Anteriormente, en su laboratorio se han utilizado modelos de IA para identificar candidatos a antibióticos en diversas fuentes improbables, desde el ADN de organismos extintos hasta las sustancias químicas presentes en el veneno animal. Actualmente, han incorporado estas herramientas a un nuevo conjunto de datos: las proteínas de cientos de microbios antiguos. “Hay todo un nuevo ámbito de la vida por explorar”, afirma De la Fuente, quefue fue reconocido por el MIT Technology Review como uno de los innovadores más importantes del mundo por “digitalizar la evolución para crear antibióticos mejores”.

Explorando una frontera microbiana

A diferencia de las bacterias y de los eucariotas (que incluyen plantas, animales y hongos), las arqueas ocupan su propia rama en el árbol de la vida.
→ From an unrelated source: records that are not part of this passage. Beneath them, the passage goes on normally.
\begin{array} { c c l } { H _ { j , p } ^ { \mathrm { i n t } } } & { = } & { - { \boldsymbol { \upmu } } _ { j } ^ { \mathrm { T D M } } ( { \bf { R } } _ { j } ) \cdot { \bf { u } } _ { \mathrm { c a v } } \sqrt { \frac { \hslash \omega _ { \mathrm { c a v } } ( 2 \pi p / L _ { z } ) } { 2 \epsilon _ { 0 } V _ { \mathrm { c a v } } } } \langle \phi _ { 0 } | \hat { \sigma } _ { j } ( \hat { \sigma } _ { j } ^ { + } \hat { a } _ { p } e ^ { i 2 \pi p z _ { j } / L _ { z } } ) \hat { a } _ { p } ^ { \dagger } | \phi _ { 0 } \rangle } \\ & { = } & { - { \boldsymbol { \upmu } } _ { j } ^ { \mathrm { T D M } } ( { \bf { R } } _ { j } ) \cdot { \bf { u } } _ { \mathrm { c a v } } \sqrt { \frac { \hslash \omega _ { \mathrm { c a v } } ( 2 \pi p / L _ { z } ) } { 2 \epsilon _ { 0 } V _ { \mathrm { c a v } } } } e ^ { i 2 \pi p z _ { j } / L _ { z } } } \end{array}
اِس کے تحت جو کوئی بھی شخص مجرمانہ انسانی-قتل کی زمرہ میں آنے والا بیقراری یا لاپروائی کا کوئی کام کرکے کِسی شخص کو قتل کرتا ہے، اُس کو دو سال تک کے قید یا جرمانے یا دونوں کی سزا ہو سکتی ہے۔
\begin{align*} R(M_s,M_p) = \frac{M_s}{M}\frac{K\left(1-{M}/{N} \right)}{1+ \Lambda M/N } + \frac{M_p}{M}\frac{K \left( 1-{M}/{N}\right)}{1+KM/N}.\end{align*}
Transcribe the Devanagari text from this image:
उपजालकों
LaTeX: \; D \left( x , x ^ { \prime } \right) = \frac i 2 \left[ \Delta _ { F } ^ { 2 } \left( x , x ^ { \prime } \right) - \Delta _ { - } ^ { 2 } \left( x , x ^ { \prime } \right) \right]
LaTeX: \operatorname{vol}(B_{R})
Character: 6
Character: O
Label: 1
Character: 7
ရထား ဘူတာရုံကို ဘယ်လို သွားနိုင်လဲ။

Aunque se asemejan a las bacterias al microscopio, las arqueas difieren fundamentalmente en su genética, membranas celulares y bioquímica. Estas diferencias les permiten sobrevivir en algunos de los entornos más extremos de la Tierra, desde respiraderos submarinos sobrecalentados hasta aguas termales abrasadoras como las del Parque Nacional de Yellowstone.

Dado que las arqueas a menudo prosperan donde pocos organismos pueden, soportando presiones aplastantes, sustancias químicas tóxicas y temperaturas extremas, su biología ha evolucionado de forma inusual. Esto las convierte en una fuente prometedora, aunque en gran medida desaprovechada, de nuevas herramientas moleculares, incluyendo compuestos que podrían funcionar como antibióticos, pero de forma diferente a los que se utilizan actualmente.
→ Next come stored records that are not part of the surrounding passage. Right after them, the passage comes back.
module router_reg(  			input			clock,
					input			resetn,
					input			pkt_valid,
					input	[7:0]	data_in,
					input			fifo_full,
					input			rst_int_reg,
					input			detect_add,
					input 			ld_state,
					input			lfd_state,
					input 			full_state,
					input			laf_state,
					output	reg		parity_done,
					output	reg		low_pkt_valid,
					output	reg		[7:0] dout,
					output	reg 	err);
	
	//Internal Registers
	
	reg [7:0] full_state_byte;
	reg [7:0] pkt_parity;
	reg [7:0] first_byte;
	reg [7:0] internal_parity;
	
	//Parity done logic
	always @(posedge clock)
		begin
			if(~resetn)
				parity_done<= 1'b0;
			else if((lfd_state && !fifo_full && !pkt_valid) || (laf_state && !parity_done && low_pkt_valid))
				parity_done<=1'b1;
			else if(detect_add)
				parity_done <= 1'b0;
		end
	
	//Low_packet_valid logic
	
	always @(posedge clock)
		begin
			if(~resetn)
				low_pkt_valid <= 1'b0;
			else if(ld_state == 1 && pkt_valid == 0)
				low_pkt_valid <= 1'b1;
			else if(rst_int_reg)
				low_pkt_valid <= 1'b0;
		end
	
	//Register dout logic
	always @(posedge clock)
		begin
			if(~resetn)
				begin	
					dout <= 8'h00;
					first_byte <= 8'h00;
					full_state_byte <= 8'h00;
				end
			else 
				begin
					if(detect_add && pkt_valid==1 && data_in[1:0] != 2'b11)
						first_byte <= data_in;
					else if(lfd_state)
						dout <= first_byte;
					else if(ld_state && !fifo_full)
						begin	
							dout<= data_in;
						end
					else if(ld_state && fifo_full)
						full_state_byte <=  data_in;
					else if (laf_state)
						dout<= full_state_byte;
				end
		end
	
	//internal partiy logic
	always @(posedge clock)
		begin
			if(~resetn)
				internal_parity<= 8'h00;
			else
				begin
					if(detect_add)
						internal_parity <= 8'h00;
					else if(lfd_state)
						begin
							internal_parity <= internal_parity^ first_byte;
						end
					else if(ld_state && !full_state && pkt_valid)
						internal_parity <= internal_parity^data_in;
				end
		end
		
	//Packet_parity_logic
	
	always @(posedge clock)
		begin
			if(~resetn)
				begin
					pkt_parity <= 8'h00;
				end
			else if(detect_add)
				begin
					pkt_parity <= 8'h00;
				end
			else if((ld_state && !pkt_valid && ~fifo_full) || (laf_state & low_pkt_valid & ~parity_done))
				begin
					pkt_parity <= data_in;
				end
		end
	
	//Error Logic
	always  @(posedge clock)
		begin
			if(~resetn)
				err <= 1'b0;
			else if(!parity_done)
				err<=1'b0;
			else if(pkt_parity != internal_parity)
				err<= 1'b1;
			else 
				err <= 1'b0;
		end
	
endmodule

Según Marcelo Torres, investigador asociado del Laboratorio de De la Fuente y coautor principal del artículo, les atrajeron las arqueas porque han tenido que desarrollar defensas bioquímicas en entornos inusuales. Pensamos así que, si han sobrevivido durante miles de millones de años en esas condiciones, tal vez han desarrollado formas únicas de combatir a los competidores microbianos, y tal vez podríamos aprender de ello”.

Para descubrir posibles compuestos antibióticos ocultos en las arqueas, los investigadores recurrieron a la inteligencia artificial. El equipo utilizó una versión actualizada de APEX, una herramienta de IA desarrollada originalmente por el laboratorio de De la Fuente para identificar candidatos a antibióticos en la biología antigua, incluyendo las proteínas de animales extintos como el mamut lanudo.
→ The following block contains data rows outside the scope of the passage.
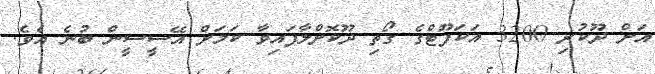
އަށް ދޫކުރި 3200 އަކަފޫޓްގެ ގޯތި ދޫކޮށްލާފައިވާ ކަމަށް އޭސީސީން ބުނެ އެވެ.
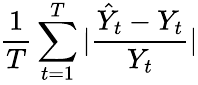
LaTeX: \frac{1}{T}\sum_{t=1}^{T}|\frac{\hat{Y}_{t}-Y_{t}}{Y_{t}}|
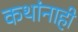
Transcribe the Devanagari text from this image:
कथांनाही
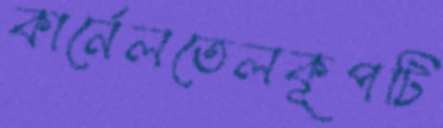
কার্নেলতেলকূপটি
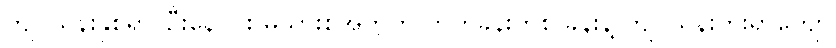
ကျပ်သိန်းနှစ်ရာ၊ ဦးနေဝင်း မိသားစုအတွက် တိုက်ခန်းတစ် ခန်းနဲ့ ကျပ်သိန်းကိုးရာကျော်
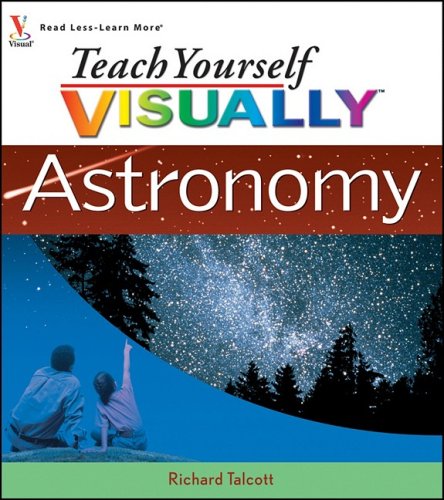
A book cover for Teach Yourself VISUALLY Astronomy; Richard Talcott; Science & Math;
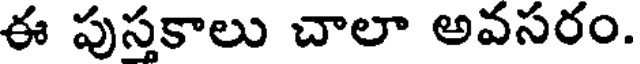
ఈ పుస్తకాలు చాలా అవసరం.
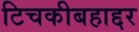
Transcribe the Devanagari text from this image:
टिचकीबहाद्दर
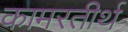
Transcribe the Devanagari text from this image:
कामरतीर्थ
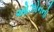
ઓઝોનનો
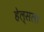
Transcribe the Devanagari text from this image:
हेल्सला
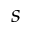
s
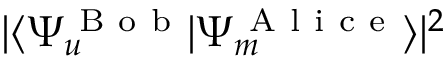
| \langle { \Psi _ { u } ^ { \mathrm { ~ B ~ o ~ b ~ } } } | { \Psi _ { m } ^ { \mathrm { ~ A ~ l ~ i ~ c ~ e ~ } } } \rangle | ^ { 2 }
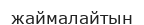
жаймалайтын

Habiendo visto miles de péptidos (cadenas cortas de aminoácidos) con propiedades antimicrobianas conocidas, APEX puede predecir la probabilidad de que una secuencia dada de aminoácidos tenga efectos similares.

Al reentrenar APEX 1.1 con miles de péptidos adicionales e información sobre bacterias que causan enfermedades en los humanos, los investigadores prepararon la herramienta para predecir qué péptidos en Archaea podrían inhibir el crecimiento bacteriano.

Arquesinas y candidatos a antibióticos

El análisis de 233 especies de arqueas reveló más de 12. 000 candidatos a antibióticos. Los investigadores denominaron a estas moléculas arqueasinas, cuyo análisis químico reveló que difieren de los péptidos antimicrobianos (AMP) conocidos, en particular en su distribución de carga eléctrica.

Los investigadores seleccionaron 80 arqueasinas para probarlas contra bacterias reales. “Intentar encontrar nuevos antibióticos molécula por molécula es como buscar agujas en un pajar”, afirma Fangping Wan , investigador postdoctoral en el Laboratorio de De la Fuente y otro coautor principal del artículo. “La IA acelera el proceso al identificar dónde es probable que se encuentren las agujas”.

Los antibióticos actúan de diversas maneras. Algunos perforan las membranas bacterianas, mientras que otros inhiben la capacidad de los organismos para producir proteínas. Los investigadores descubrieron que, a diferencia de la mayoría de los AMP conocidos, que atacan las defensas externas de una bacteria, las arqueasinas parecen desatascarlas desde el interior, alterando las señales eléctricas que mantienen viva a la célula.

En pruebas contra diversas bacterias patógenas resistentes a los fármacos, el 93% de las 80 arqueasinas estudiadas demostraron actividad antimicrobiana contra al menos una bacteria. Los investigadores seleccionaron tres arqueasinas para probarlas en modelos animales.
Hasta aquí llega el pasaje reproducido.